Because not all problems require images, the paper also evaluates text-only language models on the text-only subset. These results indicate that strong math-specialized and general-purpose language models could outperform multimodal models on the portions of the benchmark that do not require visual reasoning, while still scoring far below human experts. The figures below reflect representative results reported in the paper; exact per-model numbers vary by subset and split [1].
| Model | Type | Approx. performance |
|---|---|---|
| GPT-4V | Multimodal | 17.97 percent average overall; 10.74 percent physics |
| Yi-VL-34B | Open multimodal | Roughly one-fifth of GPT-4V's average |
| DeepSeekMath-RL | Text-only, math-specialized | Competitive on the text-only math subset |
| GPT-4 | Text-only | Higher than multimodal models on the text-only subset |
The headline takeaway is that no evaluated model approached competence on Olympiad-level scientific reasoning, and that multimodal, physics, and non-English problems were the most difficult categories. The authors frame this gap as evidence that the benchmark provides substantial headroom for measuring progress toward more general AI capabilities [1][2].
OlympiadBench arrived during a wave of efforts to build harder reasoning evaluations as earlier datasets approached saturation. Its distinctive combination of multimodality, bilingual coverage, physics, and theorem proving set it apart from text-only mathematics benchmarks released around the same period.

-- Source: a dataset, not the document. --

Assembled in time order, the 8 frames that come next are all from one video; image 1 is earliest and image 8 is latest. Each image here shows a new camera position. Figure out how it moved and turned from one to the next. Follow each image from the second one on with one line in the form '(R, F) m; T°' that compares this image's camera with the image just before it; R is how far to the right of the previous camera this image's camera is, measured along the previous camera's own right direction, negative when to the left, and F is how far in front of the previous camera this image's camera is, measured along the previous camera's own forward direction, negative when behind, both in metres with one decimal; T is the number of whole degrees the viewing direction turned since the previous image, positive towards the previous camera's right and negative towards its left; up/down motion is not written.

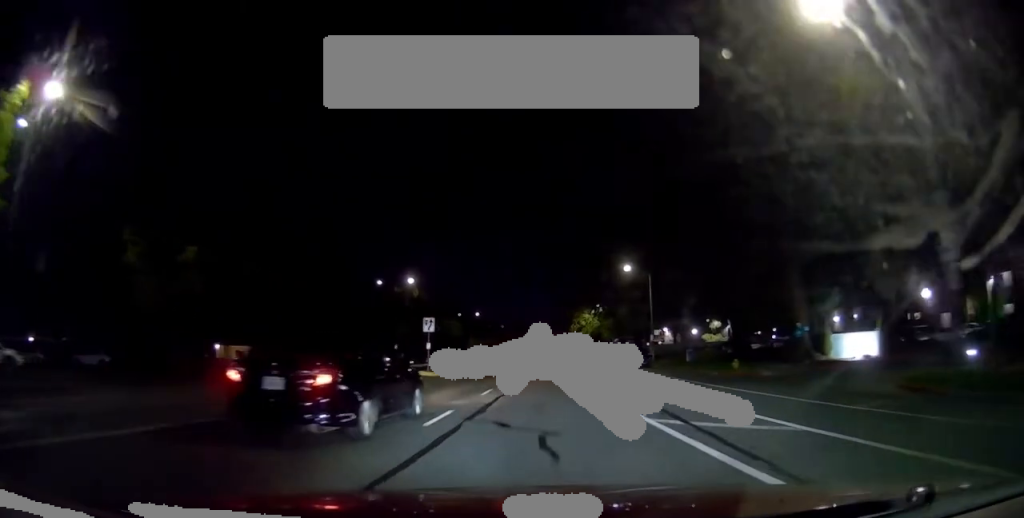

A closely related benchmark is Omni-MATH, introduced in October 2024, which assembles 4,428 competition-level mathematics problems with rigorous human annotation and organizes them into more than 33 sub-domains and over 10 difficulty levels. Whereas OlympiadBench spans both mathematics and physics and emphasizes multimodal problems, Omni-MATH focuses exclusively on text-only Olympiad mathematics in order to probe the boundaries of language-model mathematical reasoning in finer detail [3].
OlympiadBench is also frequently discussed alongside competition-based evaluations built from the American Invitational Mathematics Examination (AIME) and the broader push to reach milestones such as solving International Mathematical Olympiad problems. The rapid rise of reasoning-focused models after 2024, including systems trained with extended chain-of-thought such as OpenAI's o1, drove large gains on Olympiad-style mathematics: on Omni-MATH, for example, o1-preview and o1-mini reported accuracies above 50 percent, far higher than the sub-20-percent scores typical of the models OlympiadBench first tested. This progression illustrates how quickly Olympiad-level benchmarks went from being almost out of reach to being partially solved, and why new and harder evaluations continued to appear [3].
For the field of AI evaluation, OlympiadBench remains a reference point as one of the early large-scale, bilingual, multimodal scientific reasoning benchmarks. Its expert step-by-step annotations and explicit error taxonomy, covering hallucinations, knowledge omissions, and logical fallacies, helped establish a template for analyzing not just whether a model gets the right answer, but where and how its reasoning breaks down [1][2].